L’ablation totale ou partielle du clitoris peut provoquer des hémorragies, des infections, voire la mort, et constitue une violation des droits fondamentaux des fillettes, rappelle l’Organisation mondiale de la santé. Selon l’ONG Equality Now, 204 mutilations génitales ont été recensées en Colombie entre 2020 et 2025. Mais ces chiffres sont probablement très en deçà de la réalité, l’isolement des communautés et le secret qui entoure cette pratique entravant tout recensement fiable.
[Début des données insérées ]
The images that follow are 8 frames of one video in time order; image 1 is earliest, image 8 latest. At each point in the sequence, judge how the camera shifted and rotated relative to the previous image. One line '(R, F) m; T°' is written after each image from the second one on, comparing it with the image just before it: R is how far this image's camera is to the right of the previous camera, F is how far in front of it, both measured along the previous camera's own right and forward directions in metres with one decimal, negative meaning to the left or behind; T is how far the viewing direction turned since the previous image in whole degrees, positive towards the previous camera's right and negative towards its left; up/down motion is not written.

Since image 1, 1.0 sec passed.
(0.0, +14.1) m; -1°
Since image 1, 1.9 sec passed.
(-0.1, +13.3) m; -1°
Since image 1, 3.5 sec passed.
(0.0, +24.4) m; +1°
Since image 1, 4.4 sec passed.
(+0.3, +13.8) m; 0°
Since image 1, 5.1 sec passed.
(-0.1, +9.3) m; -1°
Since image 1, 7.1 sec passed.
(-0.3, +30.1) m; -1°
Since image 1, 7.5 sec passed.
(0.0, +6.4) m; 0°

« Il y a un sous-enregistrement incroyable », affirme Sarita Patiño, médecin dans l’un des hôpitaux accueillant des victimes à Pueblo Rico. Depuis le début de l’année, elle a déjà comptabilisé six cas. En février, un nourrisson de six mois est arrivé avec de la fièvre. « La petite avait une mutilation du clitoris, comme une brûlure », raconte la praticienne. Selon Francia Giraldo, dirigeante embera, de nombreuses fillettes meurent sans jamais passer par l’hôpital, sans certificat de naissance ni acte de décès. Elles « se vident de leur sang » et « certaines mères ne les amènent pas à l’hôpital, elles les enterrent directement », explique-t-elle.
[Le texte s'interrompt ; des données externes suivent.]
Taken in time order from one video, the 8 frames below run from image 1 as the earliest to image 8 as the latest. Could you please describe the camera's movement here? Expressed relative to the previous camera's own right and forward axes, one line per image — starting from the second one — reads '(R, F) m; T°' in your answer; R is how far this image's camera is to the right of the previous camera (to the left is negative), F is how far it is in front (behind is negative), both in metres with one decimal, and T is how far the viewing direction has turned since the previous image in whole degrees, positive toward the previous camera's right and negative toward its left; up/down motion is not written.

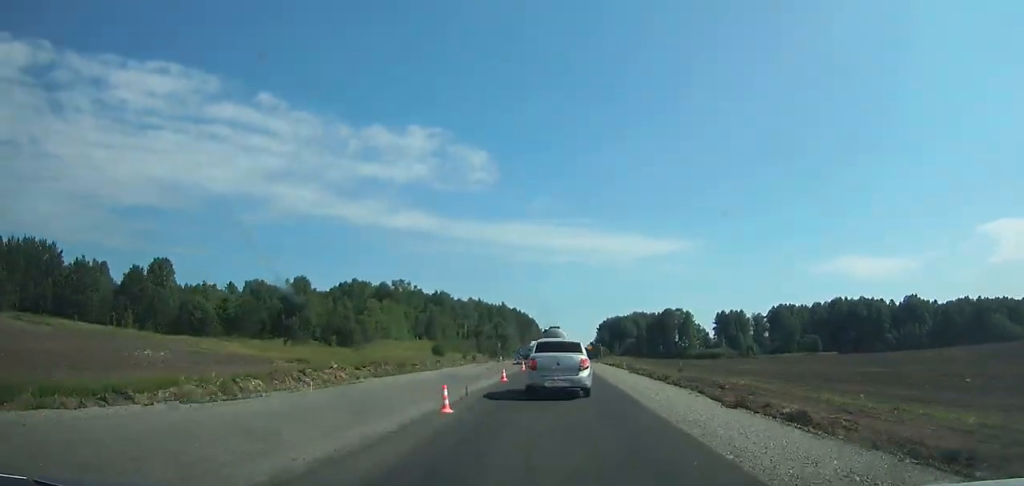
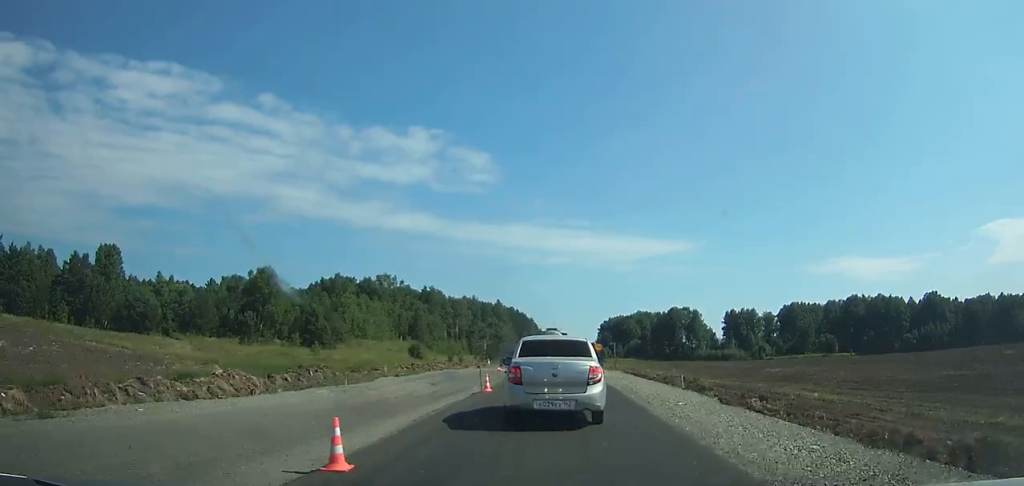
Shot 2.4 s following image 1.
(+0.1, +20.2) m; 0°
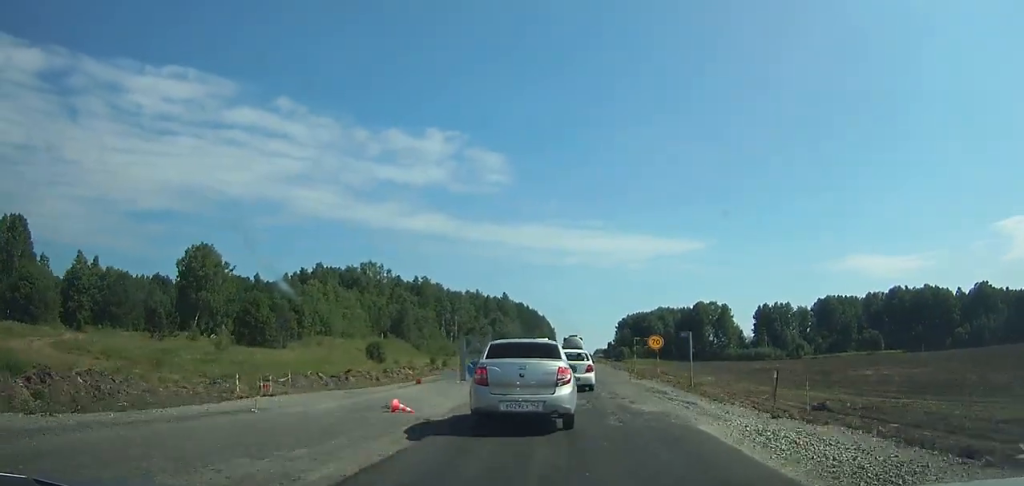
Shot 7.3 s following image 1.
(-0.2, +28.4) m; -1°
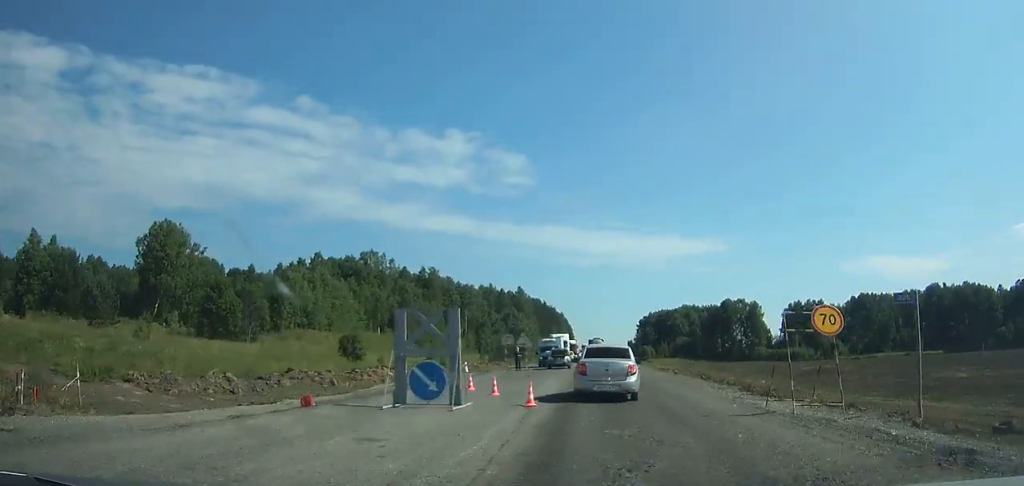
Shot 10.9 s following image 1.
(-0.1, +16.4) m; +1°
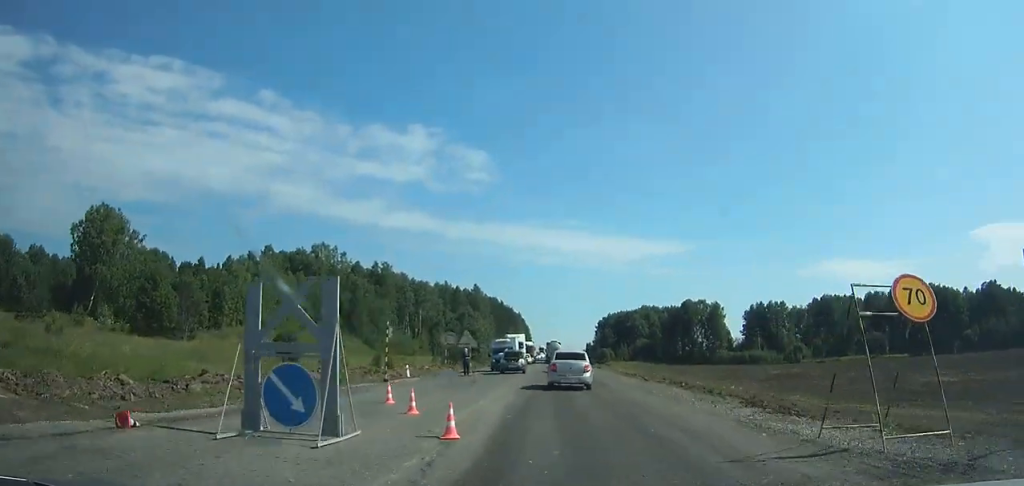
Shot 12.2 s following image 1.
(+0.1, +6.0) m; +1°
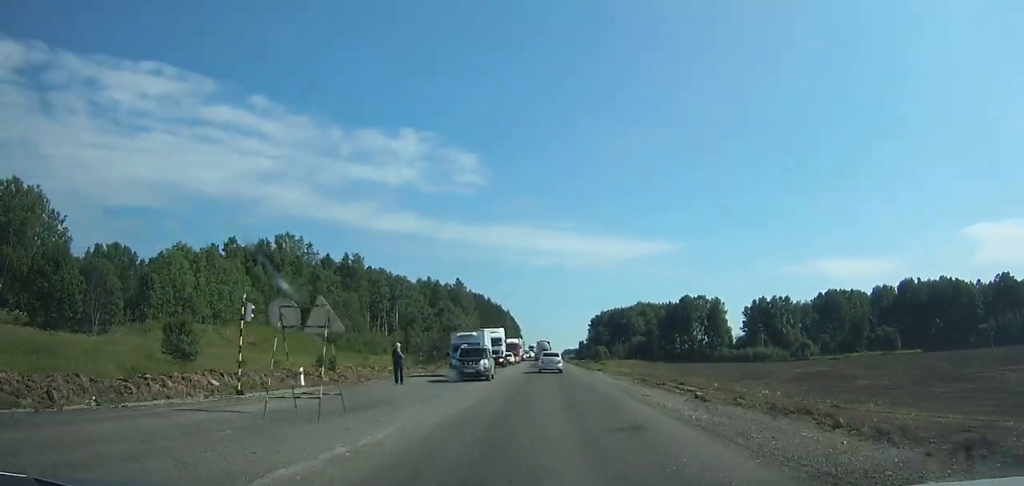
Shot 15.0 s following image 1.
(+0.2, +16.0) m; 0°
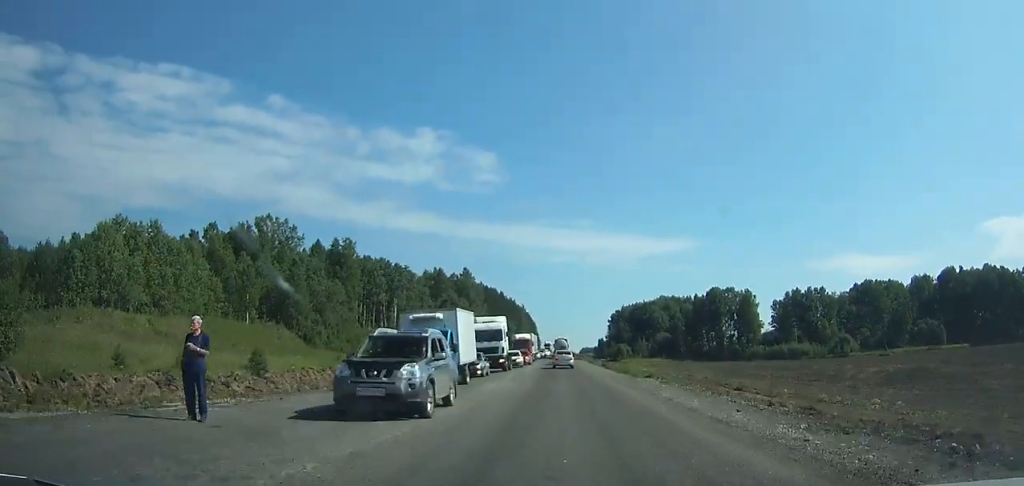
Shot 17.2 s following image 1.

Pour Carolina Giraldo, historienne et députée à l’origine du projet de loi, la théorie la plus plausible est que cette coutume soit arrivée d’Afrique, où elle persiste dans 33 pays. « Cette transmission culturelle pourrait être née de l’interaction entre les embera et les esclaves africains » durant la période coloniale, avance-t-elle. La Colombie connaît en effet d’importants contacts et métissages entre populations autochtones et afro-colombiennes. Selon les Nations unies, 230 millions de femmes auraient subi une mutilation génitale dans le monde.

Dans la réserve embera de Pueblo Rico, beaucoup détournent le regard ou restent silencieux lorsque le sujet de l’excision est évoqué. Sous la juridiction indigène, pratiquer une ablation du clitoris est théoriquement puni d’un carcan en bois. Francia Giraldo, première femme à diriger sa communauté et figure de proue du projet de loi, souhaite voir « des femmes qui défendent les droits des femmes » se rendre dans les territoires les plus reculés pour sensibiliser contre les mutilations génitales. Les accoucheuses ne font que suivre une coutume, insiste-t-elle, en plaidant pour un plan étatique et de la pédagogie. « Cela me fait mal quand on nous traite d’assassines, d’ignorantes », confie-t-elle.